Street Art - Athens, Greece
Image Copyright Andy Richards 2017 - All Rights Reserved

AT LUNCH time, we stopped at an outdoor stand for some souvlaki; a Greek lunch staple. Translating into English as "little skewer," for those who didn't already know, souvlaki is a skewer of meat (generally chicken or pork), often served with a pita, onions, and tzatziki sauce. "Street food," it was delicious.
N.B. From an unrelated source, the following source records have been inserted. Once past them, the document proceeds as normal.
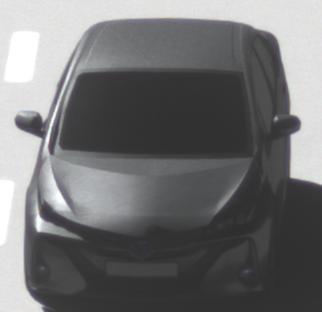
Make: Toyota
Model: Prius 1.8 Plug-In Hybrid
Detailed model: Prius (XW5) Plug-In
Model produced from: 2019/07
Model produced until: 2020/07
Doors: 5
Color: gray
Road condition: dry road
Daytime: midday
Contrast: high contrast
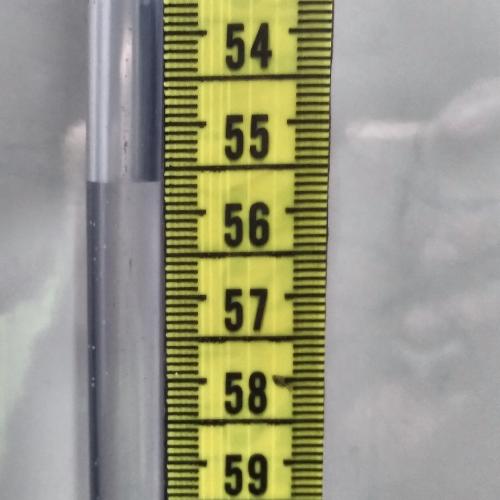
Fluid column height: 55.6 cm

The downtown is kind of an eclectic mixture of modern and traditional architecture, with narrow streets and decorated buildings in most parts, though there is a wide, ultra-modern area with the high-end department and brand name stores right in the middle of everything.

Athens, Greece
Copyright Andy Richards 2017 - All Rights Reserved

STREET ART, like in many of the European cities we have visited, is also common. Some of it is pretty impressive. To finish out our food tour, we stopped in a traditional, family restaurant to sample their Moussaka. The portions were large, but I felt compelled to eat it. 😊 Again, for those who didn't already know this, Moussaka is a layered casserole (some might compare it to Lasagna) with slices of eggplant (and/or) potatoes, and a layer of ground meat (traditionally lamb) in a bolgnese type sauce, topped with Bechamel sauce and baked to perfection. I know a few folks who say they don't like eggplant. I love it, and I think Moussaka is pure heaven. But after our day, I didn't really need to go back to an all-you-can-eat, cruise ship atmosphere, for sure. As they all unfortunately eventually do, the day eventually ended and we found our way back to the Reflection. We would have a day or two at sea, before we made our next and penultimate port stop: Naples - for the Amalfi Coast.